The present invention relates to carbamoylation of amines, mercaptanes, thiophenols and phenols employing organic azides. More specifically, the invention relates to a method for generating urea derivatives, thiocarbamate derivatives and carbamate derivatives, and is based on the intermediate formation of isocyanate, starting from an organic azide. The reaction as described is useful in applications for modified nucleoside synthesis, oligonucleotide synthesis, as well as modification, labeling and conjugation of polymers and biomolecules.
International patent application No. WO 2005/061445 (Langstrom et al.) (1) and references cited therein are describing carbonylation via isocyanate using azides and carbon monoxide. This reaction is promoted by a transition metal complex (e.g rhodium, palladium) and is performed in a high pressure reaction chamber. The main features of Langstrom's and similar methods are as follows: Introduction of carbon monoxide into the reaction chamber via the gas inlet and introduction at high pressure an azide solution mixed with a transition metal complex and a liquid reagent (solvent) into the reaction chamber via the liquid inlet. Since Langstrom method is dealing with carbon-isotope monoxide, additional technical measures have to be undertaken for trapping the carbon-isotope dioxide and converting it to carbon-isotope monoxide.
Obviously, these reactions require very special equipment, alkyl azide solution, expensive transition metal complex and hazardous highly toxic gas—carbon monoxide.
In contrast to this kind of procedure, the present method utilizes an alkyl azide solution, inexpensive compound of trivalent phosphorous (e.g. triphenylphosphine) and trialkylammonium hydrogen carbonate buffer.
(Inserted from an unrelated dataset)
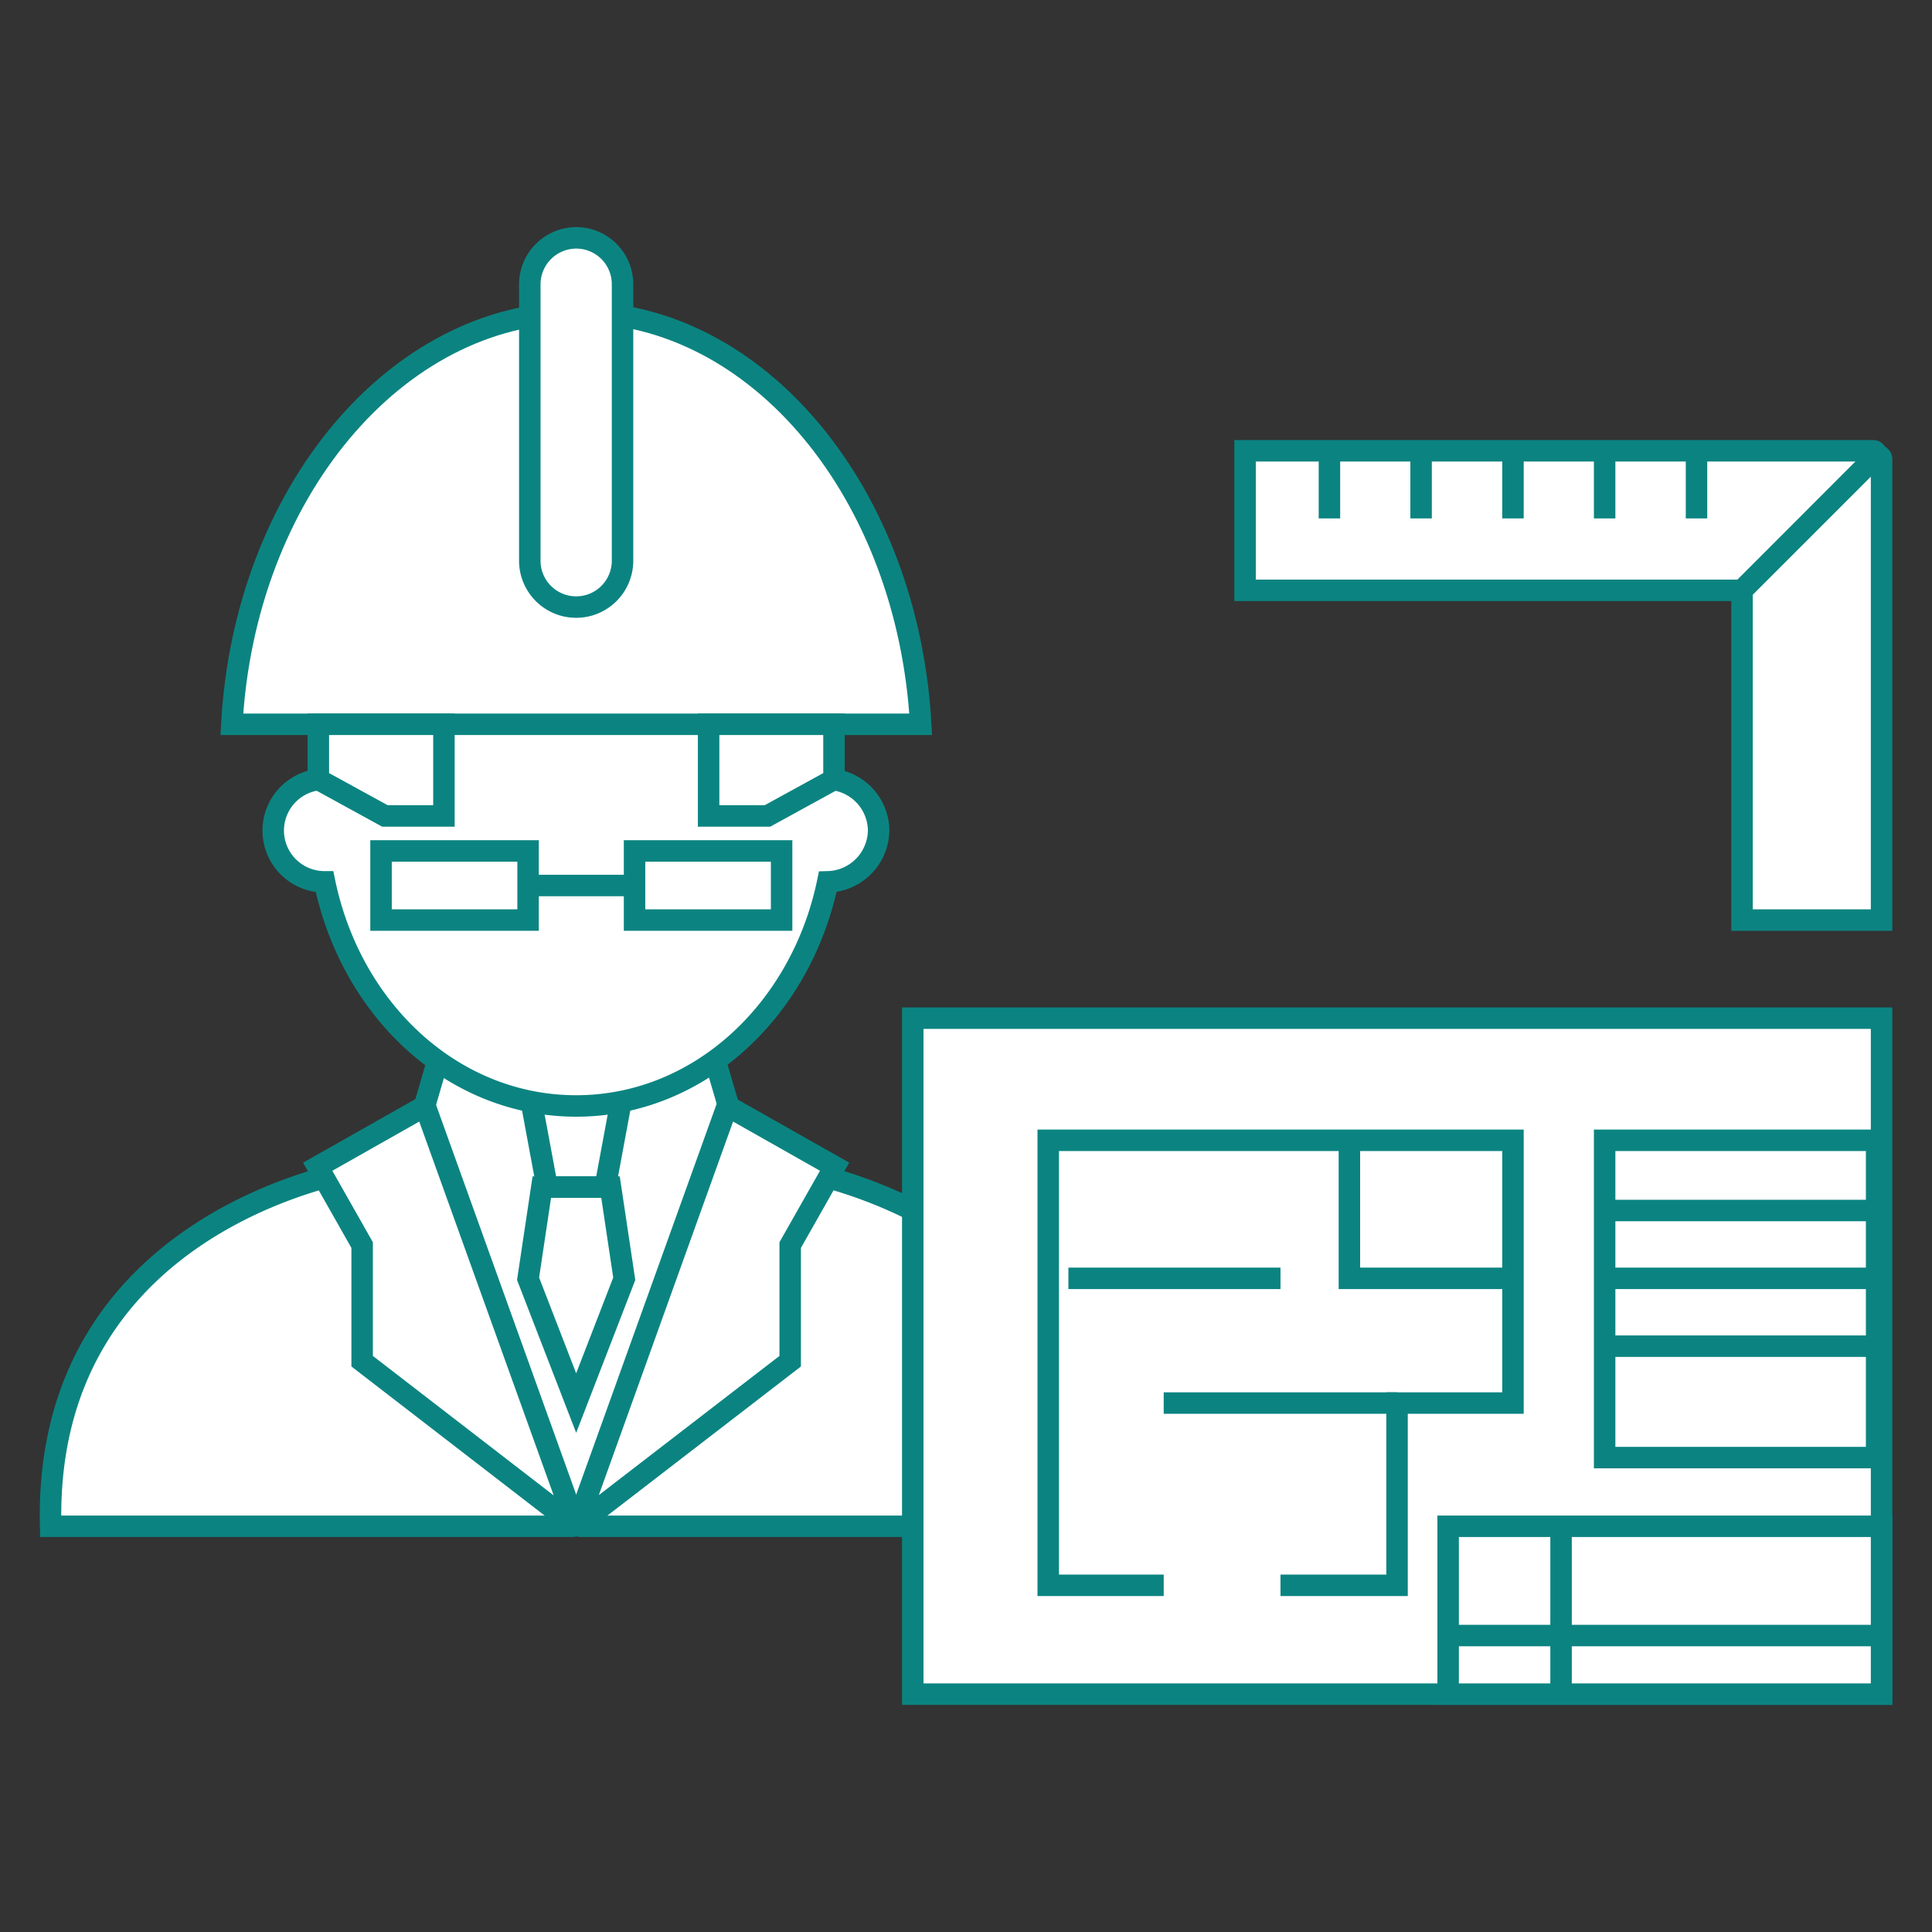 <svg xmlns="http://www.w3.org/2000/svg" width="90" height="90" viewBox="0 0 90 90"><rect x="0" y="0" width="90" height="90" fill="#333333" stroke="none"/><defs><style>.a{fill:#fff;}.a,.b{stroke:#0b8481;stroke-miterlimit:10;}.b{fill:none;}</style></defs><title>ico-architekti</title><path class="a" d="M16.83,54.47S2,56.63,2.36,71.1H26.64a.2.2,0,0,0,.2-.21V64.47Z"/><path class="a" d="M36.86,54.47S51.73,56.63,51.32,71.1H27.05a.21.21,0,0,1-.21-.21V64.47Z"/><path class="a" d="M32.93,48.09H26.84l-6.09.09-2.14,7.36v7.24L26.7,71A.21.21,0,0,0,27,71l8.09-8.17V55.45Z"/><path class="a" d="M26.28,70.67l-9.41-7.26V58L14.8,54.35l5-2.83,6.8,18.91A.21.21,0,0,1,26.28,70.67Z"/><path class="a" d="M27.44,70.63l9.37-7.22V58l2.07-3.65-5-2.83L27.1,70.38A.22.22,0,0,0,27.44,70.63Z"/><polygon class="a" points="28.19 55.3 25.49 55.3 24.68 50.94 29 50.94 28.19 55.3"/><polygon class="a" points="28.44 55.3 25.24 55.3 24.6 59.57 26.84 65.36 29.08 59.57 28.44 55.3"/><path class="a" d="M40.93,38.68a2.42,2.42,0,0,0-2.15-2.37C38,29.66,33,24.51,26.84,24.51S15.65,29.66,14.9,36.31a2.39,2.39,0,0,0,.22,4.77c1.24,6,6,10.44,11.72,10.44s10.48-4.46,11.72-10.44A2.43,2.43,0,0,0,40.93,38.68Z"/><path class="a" d="M42.89,33.74c-.6-10.72-7.55-19.19-16-19.19S11.39,23,10.8,33.74Z"/><polygon class="a" points="14.83 36.31 17.93 38.01 20.68 38.01 20.68 33.74 14.83 33.74 14.83 36.31"/><polygon class="a" points="38.85 36.31 35.75 38.01 33.01 38.01 33.01 33.74 38.85 33.74 38.85 36.31"/><path class="a" d="M26.84,28.28h0a2.16,2.16,0,0,1-2.16-2.16V13.25a2.17,2.17,0,0,1,2.16-2.17h0A2.16,2.16,0,0,1,29,13.25V26.12A2.16,2.16,0,0,1,26.84,28.28Z"/><path class="a" d="M81.15,27.5H58V21H87.26a.16.16,0,0,1,.11.27Z"/><path class="a" d="M81.15,42.86V27.5l6.22-6.22a.16.16,0,0,1,.28.11V42.86Z"/><line class="b" x1="61.93" y1="21.01" x2="61.93" y2="24.15"/><line class="b" x1="66.2" y1="21.01" x2="66.2" y2="24.15"/><line class="b" x1="70.48" y1="21.01" x2="70.48" y2="24.15"/><line class="b" x1="74.75" y1="21.01" x2="74.75" y2="24.15"/><line class="b" x1="79.03" y1="21.01" x2="79.03" y2="24.15"/><rect class="a" x="42.52" y="47.43" width="45.13" height="31.49"/><rect class="a" x="67.46" y="71.1" width="20.19" height="7.82"/><line class="b" x1="67.46" y1="76.19" x2="87.42" y2="76.19"/><line class="b" x1="72.72" y1="71.1" x2="72.72" y2="78.92"/><polyline class="b" points="54.21 73.85 48.83 73.85 48.83 53.12 70.48 53.12 70.48 65.36 65.08 65.36 65.08 73.85 59.65 73.85"/><line class="b" x1="65.08" y1="65.36" x2="54.21" y2="65.36"/><polyline class="b" points="62.86 53.23 62.86 59.55 70.48 59.55"/><line class="b" x1="49.77" y1="59.55" x2="59.65" y2="59.55"/><rect class="b" x="74.75" y="53.12" width="12.67" height="14.78"/><line class="b" x1="74.75" y1="56.39" x2="87.42" y2="56.39"/><line class="b" x1="74.82" y1="59.55" x2="87.48" y2="59.55"/><line class="b" x1="74.88" y1="62.71" x2="87.55" y2="62.71"/><rect class="b" x="17.75" y="39.64" width="6.85" height="3.22"/><rect class="b" x="29.56" y="39.64" width="6.85" height="3.22"/><line class="b" x1="24.68" y1="41.25" x2="29.56" y2="41.25"/></svg>

This buffer is prepared by simple bubbling of harmless carbon dioxide in a mixture of trialkylamine and water until pH about 7-8 is reached. The carbamoylation reaction itself is then performed in a tightly closed vessel, like, e.g, a bottle with a screw cap.
It is noteworthy that the present procedure is extremely simple. It does not require any special equipment (unlike Langstrom's (1) or similar procedures), any expensive transition metal complexes or, more importantly, a hazardous highly toxic gas—carbon monoxide. In other words, the present procedure may be carried out in any chemical laboratory.
The present invention relates to a straightforward method of carbamoylation of amines, mercaptanes, thiophenols and phenols, employing an organic azide, a compound of trivalent phosphorous, an aqueous trialkylammonium hydrogen carbonate buffer and an organic solvent. This method may be successfully employed in basic organic chemistry, and also for the synthesis of various nucleoside derivatives and modification of various particles and solid surfaces.
Ade Adenin-9-yl
AMPS Macroporous Aminomethyl Polystyrene
CPG Controlled Pore Glass
Cyt Cytosin-1-yl
DMTr 4,4′-Dimethoxytriphenylmethyl
Gua Guanin-9-yl
Fmoc 9-Fluorenylmethoxycarbonyl
N6-Bz-Ade N6-Benzoyl-Adenin-9-yl
N4-Bz-Cyt N4-Benzoyl-Cytosin-1-yl
N2-ibu-Gua N2-isobutyryl-Guanin-9-yl
Thy Thymin-1-yl
Ura Uracil-1-yl
USIII Universal Solid Support III
The present invention relates to the reaction of carbamoylation of amines Ia, mercaptanes Ib, thiophenols Ic or phenols Id, employing organic azides II (Scheme 1). The reaction proceeds via intermediate formation of isocyanates of general formulae III and results in products of general formulae IV.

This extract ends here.